A study conducted by the University of Chicago demonstrates how code agents generate real productivity gains within organizations that adopt them.
Do AI agents really deliver on their promise of productivity? Until now, the market remained cautious. But a new study led by Suproteem Sarkar, a researcher at the University of Chicago, provides the first large-scale numerical evidence. In organizations that have adopted code brokers, software production increases by an average of 39%. A clear acceleration, the extent of which varies depending on the tasks entrusted.
The University of Chicago study is based on the analysis of companies using the Cursor code agent. The researcher examined code merge data from October 2024 to May 2025, comparing 24 companies already active before the agent’s launch with 8 control organizations that did not use the platform during this period.
The results are unambiguous: the introduction of the agent immediately increases the number of weekly merges by 26%, then this effect increases to 39% when the agent becomes the default generation mode. In other words, the more teams integrate the agent into their routine, the greater the acceleration in software production. Even more interesting, companies did not see an evolution in their revert rate (removal of merge, often caused by poor or buggy code). Concretely, the increase in productivity is not accompanied, as one might have thought, by a drop in the quality of the code generated.

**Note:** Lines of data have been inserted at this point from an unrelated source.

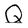
Character: Q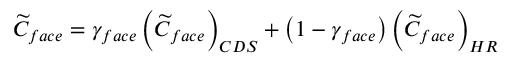
\begin{array} { r } { \widetilde { C } _ { f a c e } = \gamma _ { f a c e } \left( \widetilde { C } _ { f a c e } \right) _ { C D S } + \left( 1 - \gamma _ { f a c e } \right) \left( \widetilde { C } _ { f a c e } \right) _ { H R } } \end{array}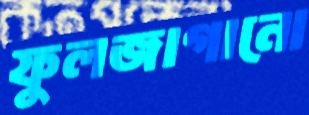
ফুলজাগানো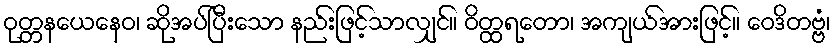
ဝုတ္တနယေနေဝ၊ ဆိုအပ်ပြီးသော နည်းဖြင့်သာလျှင်။ ဝိတ္ထရတော၊ အကျယ်အားဖြင့်။ ဝေဒိတဗ္ဗံ၊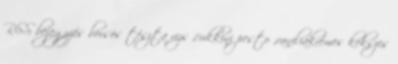
RSS bejegyzés borsós tészta rizs ,cukkini pesto ,vaniliakrémes kekszes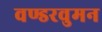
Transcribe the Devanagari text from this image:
वण्डरवुमन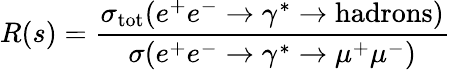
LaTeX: R(s)=\frac{\sigma_{\mathrm{tot}}(e^{+}e^{-}\rightarrow\gamma^{*}\rightarrow\mathrm{hadrons})}{\sigma(e^{+}e^{-}\rightarrow\gamma^{*}\rightarrow\mu^{+}\mu^{-})}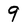
Character: 9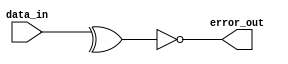
module OddParityChecker(data_in, error_out);
	input [8:0]	data_in;
	output 		error_out;
	
	reg		error_out;
	
	task paritycheck;
		input [8:0]	data;
		output		error;
		
		begin
			error = !(^data);
		end
	endtask

	always @ (data_in) begin
		paritycheck(data_in, error_out);
	end

endmodule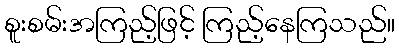
စူးစမ်းအကြည့်ဖြင့် ကြည့်နေကြသည်။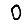
Digit: 0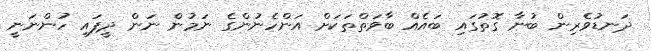
ދަނޑުވެރިން ބުނާ ގޮތުގައި ބައެއް ބާވަތްތަކަށް އަންހެނުންގެ ނަމުން ނަން ދީފައި ހުންނަނީ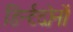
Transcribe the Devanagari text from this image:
डिर्न्टदोनों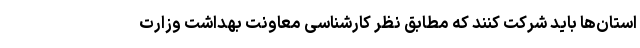
استان‌ها باید شرکت کنند که مطابق نظر کارشناسی معاونت بهداشت وزارت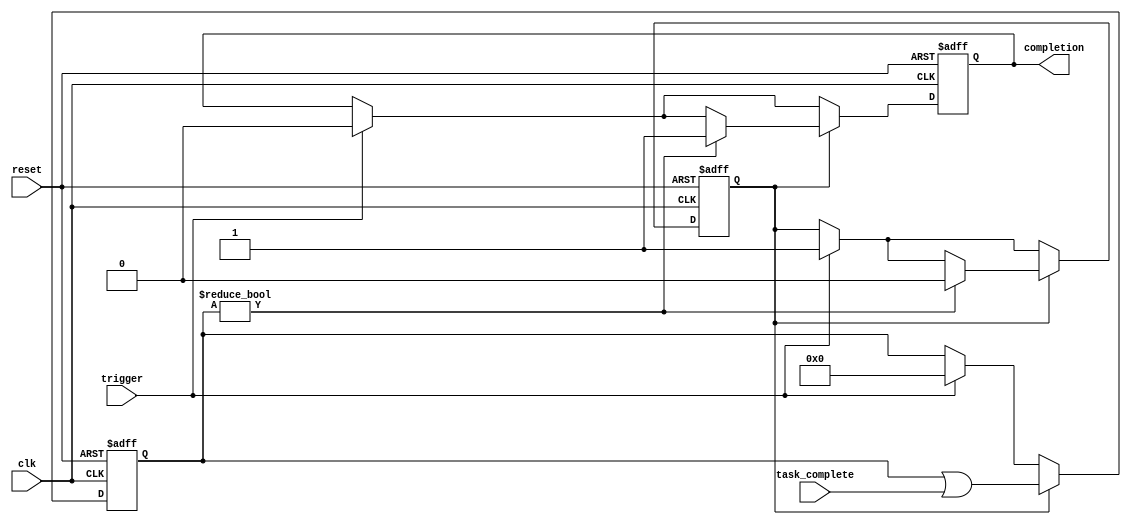
module ForkJoinAny #(
    parameter NUM_TASKS = 4  // Number of parallel tasks
)(
    input wire clk,             // Clock signal
    input wire reset,           // Reset signal
    input wire trigger,         // Trigger signal for forking tasks
    input wire [NUM_TASKS-1:0] task_complete, // Completion signals for each task
    output reg completion        // Output signal indicating any task completion
);

    // Internal state to track task completion
    reg [NUM_TASKS-1:0] task_status;
    reg tasks_active;

    // Sequential logic for handling task completion
    always @(posedge clk or posedge reset) begin
        if (reset) begin
            // Reset internal states
            task_status <= 0;
            tasks_active <= 0;
            completion <= 0;
        end else begin
            if (trigger) begin
                // Forking tasks, set tasks_active
                tasks_active <= 1;
                task_status <= 0; // Reset task status
                completion <= 0;   // Reset completion signal
            end
            
            // Monitor task completion
            if (tasks_active) begin
                // Update task status based on completion signals
                task_status <= task_status | task_complete;

                // Check if any task has completed
                if (task_status != 0) begin
                    completion <= 1; // Set completion signal high
                    tasks_active <= 0; // Clear tasks_active
                end
            end
        end
    end

endmodule

The 4 areas where code officers excel
-
Fast feature implementations
Agents excel as soon as the feedback on execution is immediate: rapid prototypes, minor corrections, localized adjustments. According to the study data, these tasks represent a large part of the interactions recorded in Cursor, with a high proportion of “direct implementation” oriented requests. What they have in common is the ability to instantly check the result: the agent generates the code, the user tests it, then adjusts if necessary. The analysis also shows that the modifications resulting from these short tasks display a high acceptance rate.
-
Planning tasks
Beyond direct implementation, the study notes a recurring use: the request for a “plan”. Experienced users tend to ask the agent for a suggested step, a logical order of changes, or implementation options. The agent will then think about the different possibilities and propose several solutions adapted to the context. However, the study data shows that a two-step workflow of planning then generating code significantly improves the acceptance rate of modifications.
-
Code and bug explanations
Nearly 25% of interactions with Cursor involve code explanation or error analysis. Agents demonstrate an effective ability to synthesize the logic of a file, interpret unexpected behavior or analyze a stacktrace. More precisely, 12.1% of messages ask for explanations on how an existing code base works, while 11.9% directly concern fixing bugs from logs. The productivity gain is high because these tasks are normally very time-consuming: you have to dig through the code, open several files, understand the logic. The agents analyze the global context and understand the sequential actions very well.
-
Work guided by senior profiles
Unlike classic autocompletion, which is often more useful to junior developers, agents are more beneficial to experienced profiles. The study identifies an “experience gradient”: each additional standard deviation in seniority increases the acceptance rate of the generated code by 5 to 6%. Seniors formulate instructions richer in context, use planning more and evaluate the agent’s proposals more precisely. The agent then acts as an accelerator, amplifying the capabilities of those who already master the structure of the code.
A new way of coding
Beyond the 39% increase in software production, the study above all highlights a structural evolution in the work of developers. The use of a code agent gradually changes the developer’s work: less manual writing and much more code validation.
But the researcher recalls two essential limits. On the one hand, these results strongly depend on the field studied: software development provides immediate feedback (tests, errors, merges), an ideal terrain for objectively measuring productivity and quality. On the other hand, the Cursor environment constitutes a special case: the agent benefits from full access to the codebase, a rich context and integrated control tools. In other words, the observed performances cannot be generalized to any agent or to any context.